Bir gelin tanımıştım geçmiş zamanda. İzmir’den gelmişti Kürdistan’a; şaşkındı. Yemeklere alışamamıştı, bunu anlamıştık. Gündelik hayatta kimi zaman ayağı sürçüyordu, bunu anlamıştık. Suyun tadını garipsemişti, işlenmiş sulara ihtiyaç duyuyordu içmek için, bunu anlamıştık. Gazetecide aradığı kimi şeyleri bulamadığına üzülüyordu, bunu anlamıştık. Bir gün yolda ağladığını görmüşler. Birkaç akraba merakla gitmiş yanına, hayırdır inşallah demişler, ölüm kalım mı oldu, iyi misin kurban, demişler. Kaygıdan duramamış biri, gitmiş hemen su almış berideki bakkaldan. Yüzüne dökmüşler, hele iki gözüm otur soluklan demişler. Soluklanmış, nefesi boğazına geri gelmiş, iki gözünün çeşmesi sakinlemiş. Hele anlat, neyin var demişler. “Anlatsam bana gülersiniz,” demiş gelin. Sonra sonra anlaşılmış ki yolda ezilen bir köpeğe ağlıyor. Oradaki herkes vahvahlanmış, oy köpekçik demiş, canı çok yanmamıştır inşallah dillerinden düşmemiş. Biri fark etmiş akabinde: “Biz buna neden gülüyoruz sahi?”
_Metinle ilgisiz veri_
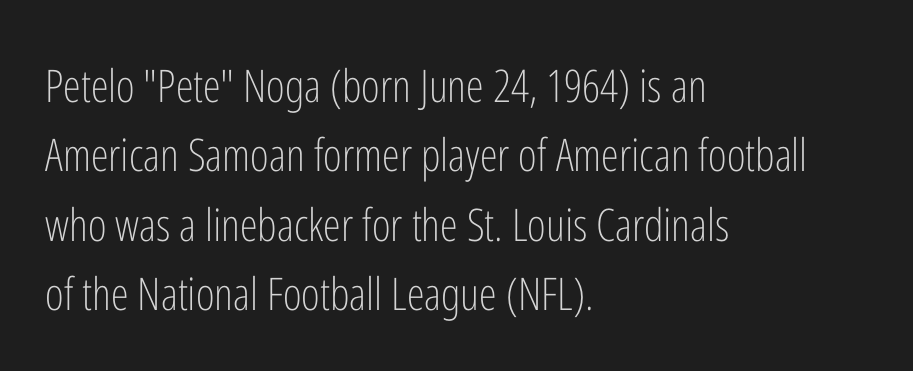
Q: Is the text bold? A: No.
Q: Is the text italic (slanted)? A: No, it is upright.
Q: Is the typeface a serif or a sans-serif typeface? A: Sans-serif.
Q: Is the text underlined? A: No.
Q: How is the paragraph aligned? A: Left-aligned.
Q: Is the spacing between letters normal or unusually wide? A: Normal.
Q: Is the spacing between lines tight, normal or loose? A: Normal.
Q: Width (condensed, normal, or wide)? A: Condensed.
Q: Stroke contrast? A: Low.
Q: x-height? A: Medium.
Q: Monospaced? A: No.
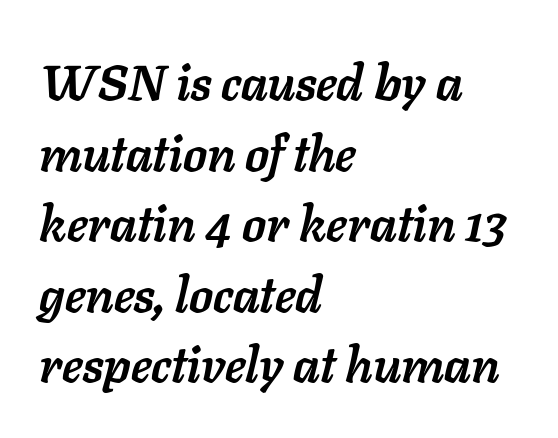
{"italic": "yes", "lean": "right", "slant_degrees": 11, "bold": "yes", "weight": "semibold", "width": "normal", "stroke_contrast": "low", "x_height": "medium", "monospaced": "no", "underline": "no", "align": "left", "line_spacing": "normal", "line_spacing_ratio": 1.44, "letter_spacing": "normal", "letter_spacing_em": 0.0, "glyph_px": 49}
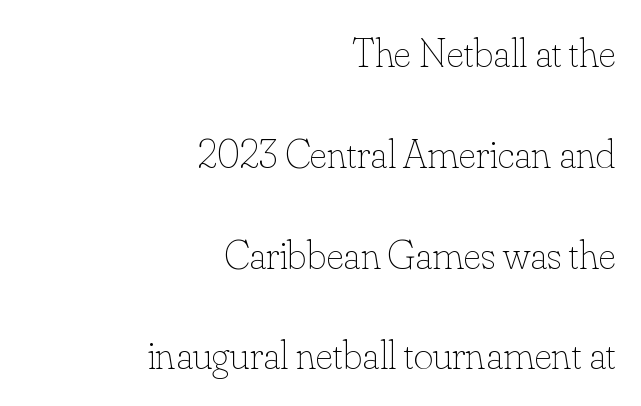
{"italic": "no", "bold": "no", "weight": "thin", "width": "normal", "stroke_contrast": "low", "x_height": "small", "monospaced": "no", "underline": "no", "align": "right", "line_spacing": "loose", "line_spacing_ratio": 2.4, "letter_spacing": "normal", "letter_spacing_em": 0.0, "glyph_px": 42}
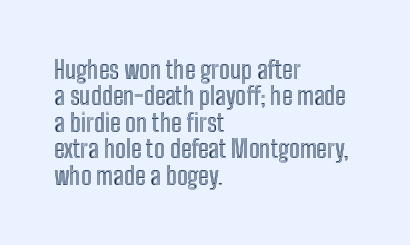
This sample trades vertical openness for compactness between lines. The tracking reads as untouched default to a designer's eye. The glyphs are unaccompanied by any horizontal stroke below them. The setting favours the left margin, as ordinary paragraphs usually do. It's the straight-up-and-down kind of type.
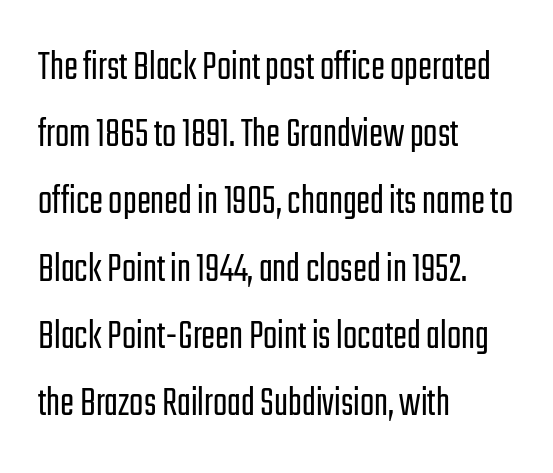
The image shows 42 px light, condensed sans-serif type, upright; set left-aligned, normal line spacing (1.6x), normal letter spacing, not underlined; low stroke contrast and a medium x-height.
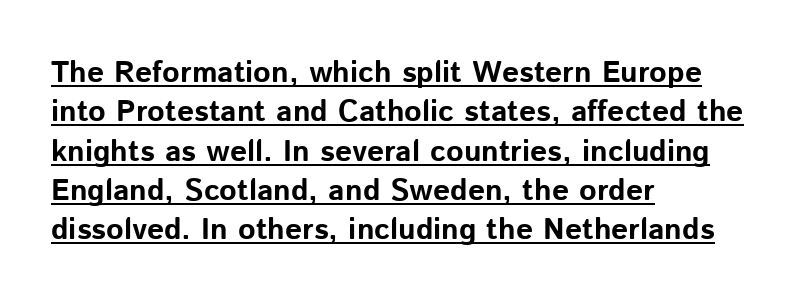
Q: Is the text bold? A: Yes.
Q: Is the text italic (slanted)? A: No, it is upright.
Q: Is the typeface a serif or a sans-serif typeface? A: Sans-serif.
Q: Is the text underlined? A: Yes.
Q: How is the paragraph aligned? A: Left-aligned.
Q: Is the spacing between letters normal or unusually wide? A: Normal.
Q: Is the spacing between lines tight, normal or loose? A: Normal.
Q: Width (condensed, normal, or wide)? A: Normal.
Q: Stroke contrast? A: Low.
Q: x-height? A: Medium.
Q: Monospaced? A: No.
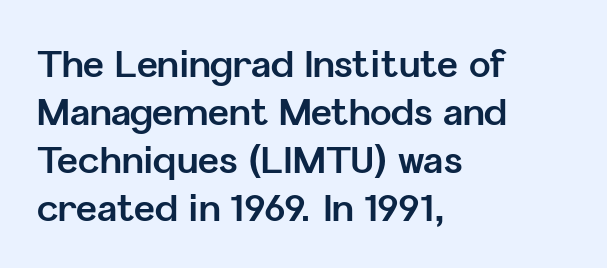
Check under the words: just untouched page. This sample uses a sans-serif face. The face used here has the dense, thick strokes of a bold. Character widths vary here, with narrow letters taking less room than wide ones. Line starts are locked; line ends wander. Evenly set lines give the paragraph a standard silhouette.
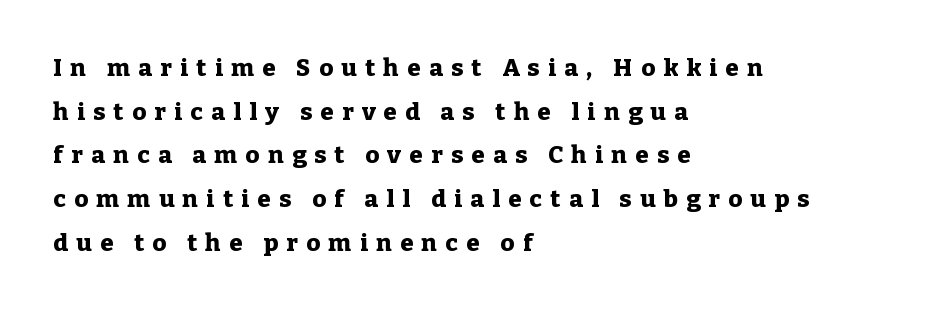
The image shows 24 px bold type, upright; set left-aligned, line spacing 1.82x, unusually wide letter spacing (+0.35 em), not underlined.
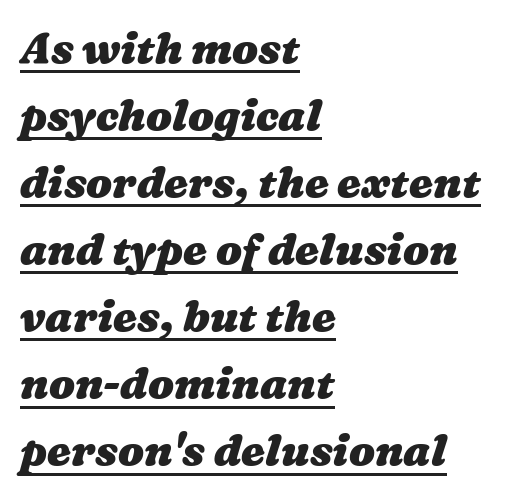
The image shows 43 px heavy, wide type; set left-aligned, normal line spacing (1.56x), normal letter spacing, underlined; medium stroke contrast and a medium x-height.

Çünkü, demiş o gelin; sizin evlerinizde hiç hayvan yok.
Çünkü, demiş bizimkilerden biri de; sen bizim hayvanlarımızı hep evlerimizde aradın. Çevir kafanı bak atlara, eşeklere, katırlara, horozlara, kedilere, köpeklere. Bir bak hele demiş. Anlamamışlar bunu. Anlamayı reddetmişler.
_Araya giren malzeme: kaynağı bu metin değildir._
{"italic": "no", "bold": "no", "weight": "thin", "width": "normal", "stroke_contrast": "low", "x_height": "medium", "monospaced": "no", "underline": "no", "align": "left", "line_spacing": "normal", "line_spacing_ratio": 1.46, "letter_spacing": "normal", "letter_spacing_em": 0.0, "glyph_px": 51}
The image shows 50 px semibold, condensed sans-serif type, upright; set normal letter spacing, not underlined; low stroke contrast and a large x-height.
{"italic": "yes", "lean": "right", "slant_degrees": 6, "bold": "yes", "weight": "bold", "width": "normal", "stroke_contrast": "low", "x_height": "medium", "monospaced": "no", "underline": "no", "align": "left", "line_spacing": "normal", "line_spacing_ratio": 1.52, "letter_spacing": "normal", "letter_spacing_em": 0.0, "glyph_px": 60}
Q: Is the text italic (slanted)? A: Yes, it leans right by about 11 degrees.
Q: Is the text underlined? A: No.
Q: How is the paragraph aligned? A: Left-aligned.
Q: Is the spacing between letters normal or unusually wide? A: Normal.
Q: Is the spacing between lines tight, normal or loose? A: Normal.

O “yarık” derin bir yarık. Biz, hayvanımıza bile kendi kendimize üzülüyoruz. Hayvanımıza bile üzülmemizin kanıtı aranıyor. Çünkü üzülmek bile perde perde. Hiyerarşisi var şehirden kırlara doğru.
Beklediğim o kitap, imha edilen katırların haberine karıştı İstanbul’da. Dilimden de başka şey geçmedi: Bi qurbana qantiran bin.